---------- Data shown ----------

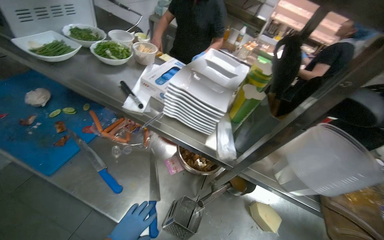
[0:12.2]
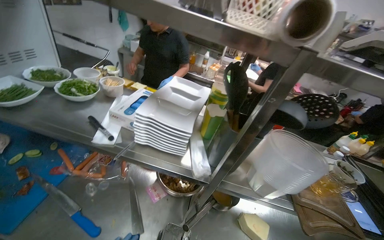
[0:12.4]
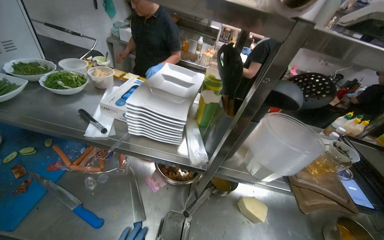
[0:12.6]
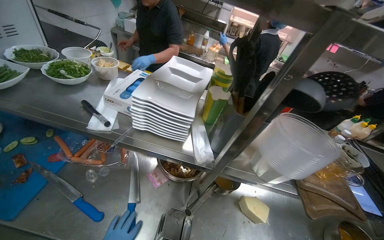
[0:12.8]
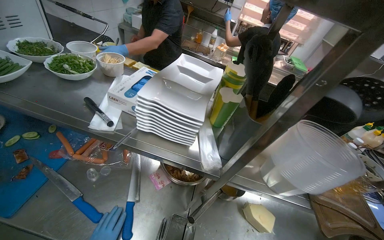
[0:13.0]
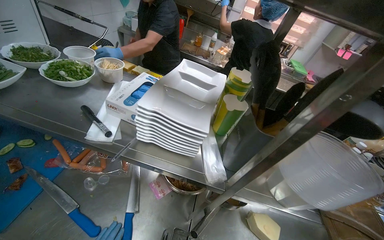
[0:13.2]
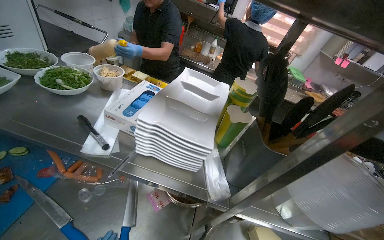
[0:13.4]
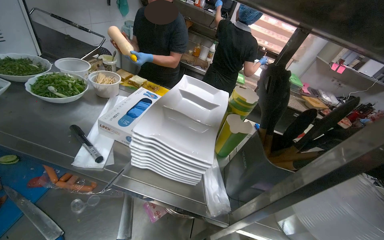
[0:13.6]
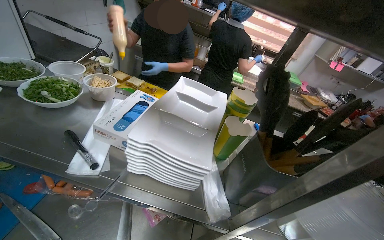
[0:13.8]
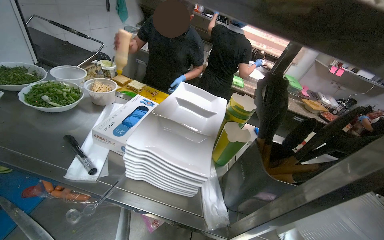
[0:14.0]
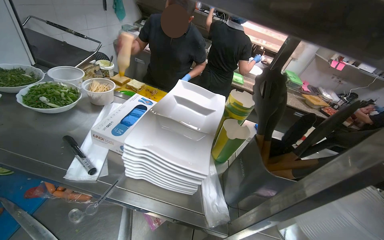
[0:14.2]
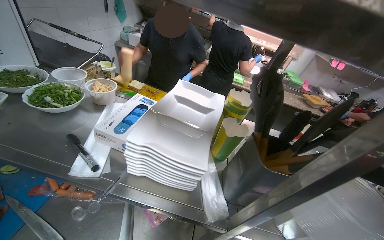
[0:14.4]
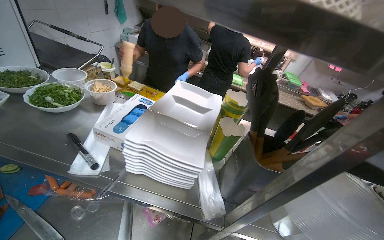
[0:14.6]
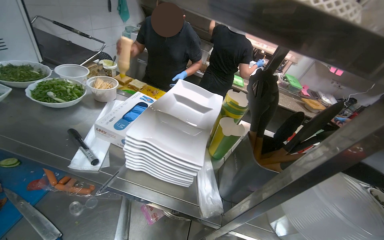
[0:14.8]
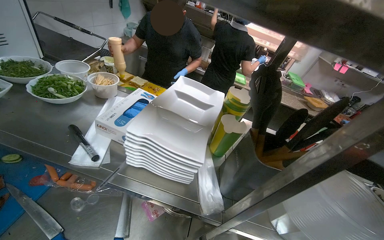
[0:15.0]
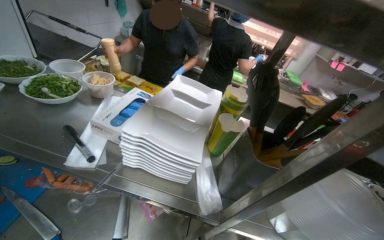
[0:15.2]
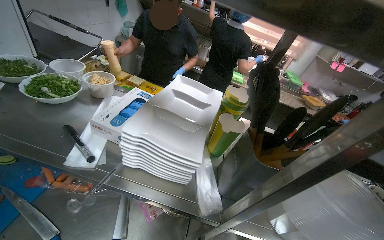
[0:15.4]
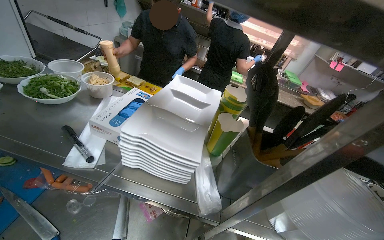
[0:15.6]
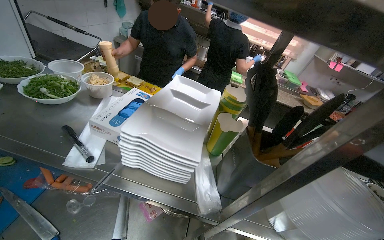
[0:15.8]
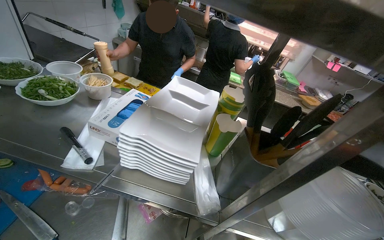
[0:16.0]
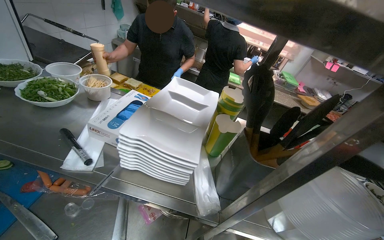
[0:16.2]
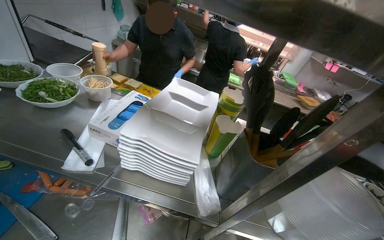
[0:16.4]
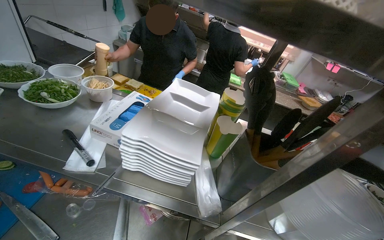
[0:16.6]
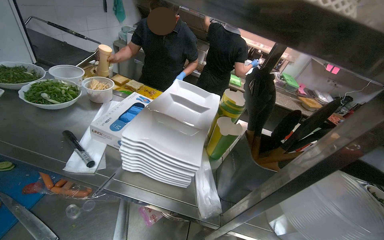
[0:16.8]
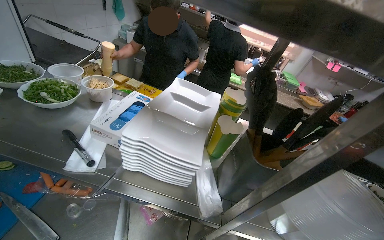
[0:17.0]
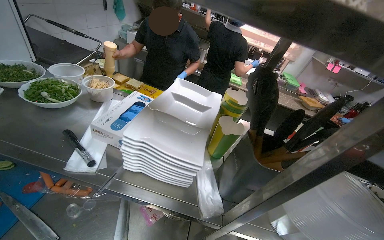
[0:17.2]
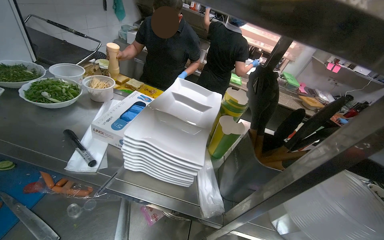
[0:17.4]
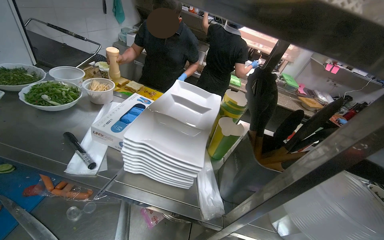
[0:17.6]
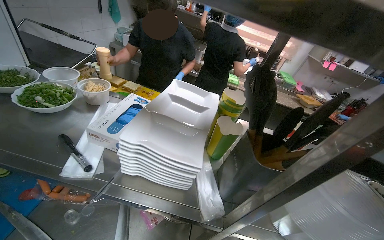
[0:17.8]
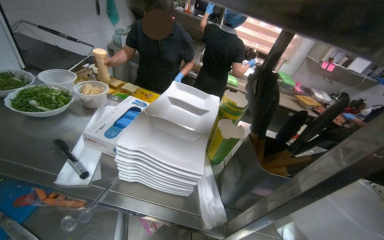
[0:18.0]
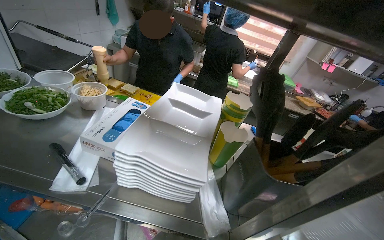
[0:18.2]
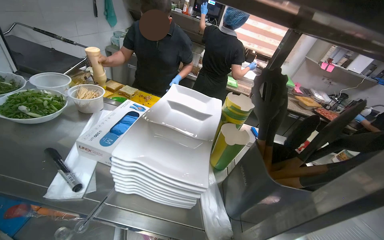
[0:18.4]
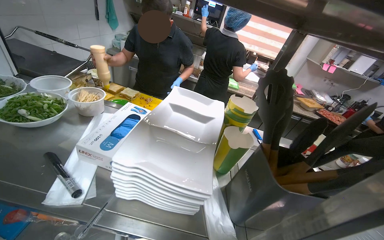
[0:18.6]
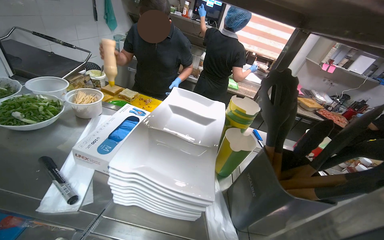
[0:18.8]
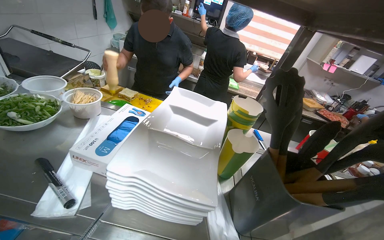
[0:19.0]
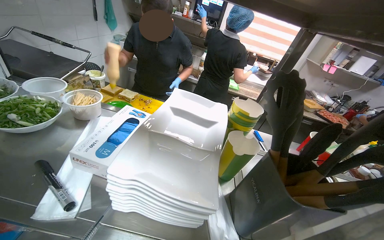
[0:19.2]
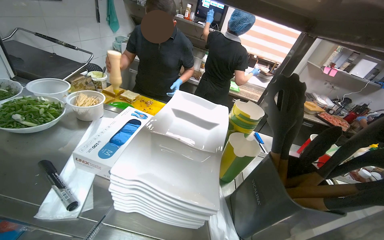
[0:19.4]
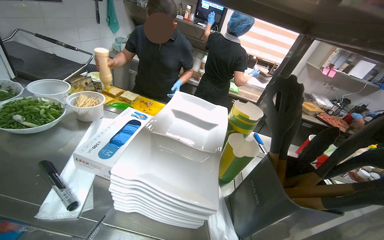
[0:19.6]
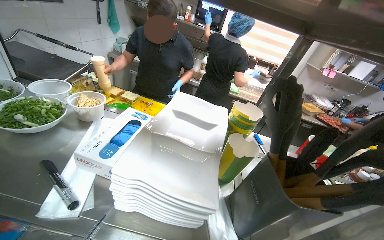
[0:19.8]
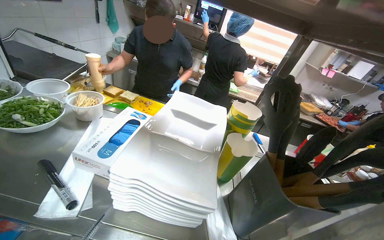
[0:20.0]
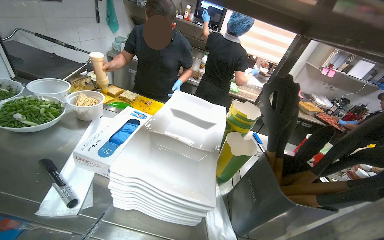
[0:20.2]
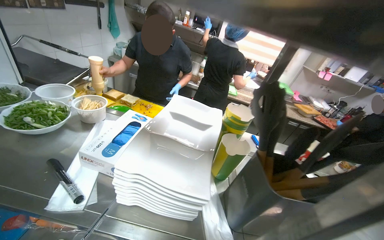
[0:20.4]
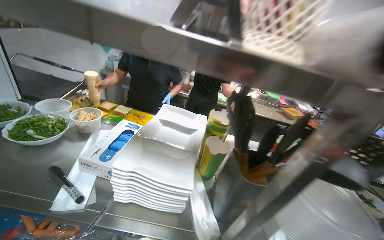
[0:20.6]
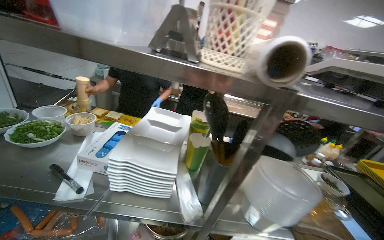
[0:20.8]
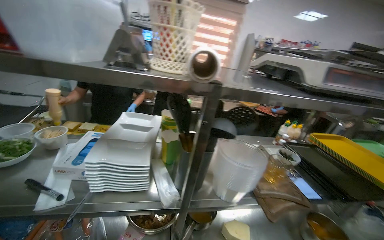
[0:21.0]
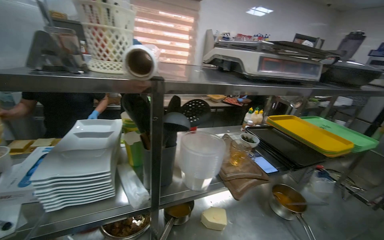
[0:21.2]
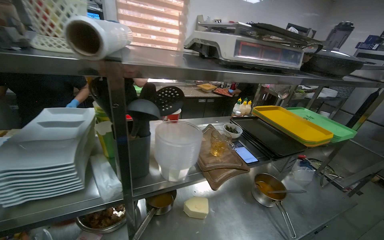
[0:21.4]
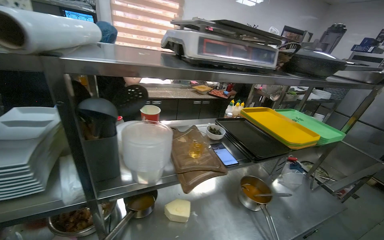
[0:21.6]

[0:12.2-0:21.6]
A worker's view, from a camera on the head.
Job: preparing food.
The whole recording: Garnishing meal with herbs and cleaning kitchen. The worker garnishes the meal with herbs and cleans up the kitchen area.
0:20.0 to 0:21.6: The head travels approximately 40 cm. The wearer looks about 30 degrees further to the right.

----------

> **What you need to do**
Once the pictures are set aside, output all of the data above verbatim.

> **Reply to the task**
[0:12.2]
[0:12.4]
[0:12.6]
[0:12.8]
[0:13.0]
[0:13.2]
[0:13.4]
[0:13.6]
[0:13.8]
[0:14.0]
[0:14.2]
[0:14.4]
[0:14.6]
[0:14.8]
[0:15.0]
[0:15.2]
[0:15.4]
[0:15.6]
[0:15.8]
[0:16.0]
[0:16.2]
[0:16.4]
[0:16.6]
[0:16.8]
[0:17.0]
[0:17.2]
[0:17.4]
[0:17.6]
[0:17.8]
[0:18.0]
[0:18.2]
[0:18.4]
[0:18.6]
[0:18.8]
[0:19.0]
[0:19.2]
[0:19.4]
[0:19.6]
[0:19.8]
[0:20.0]
[0:20.2]
[0:20.4]
[0:20.6]
[0:20.8]
[0:21.0]
[0:21.2]
[0:21.4]
[0:21.6]

[0:12.2-0:21.6]
A worker's view, from a camera on the head.
Job: preparing food.
The whole recording: Garnishing meal with herbs and cleaning kitchen. The worker garnishes the meal with herbs and cleans up the kitchen area.
0:20.0 to 0:21.6: The head travels approximately 40 cm. The wearer looks about 30 degrees further to the right.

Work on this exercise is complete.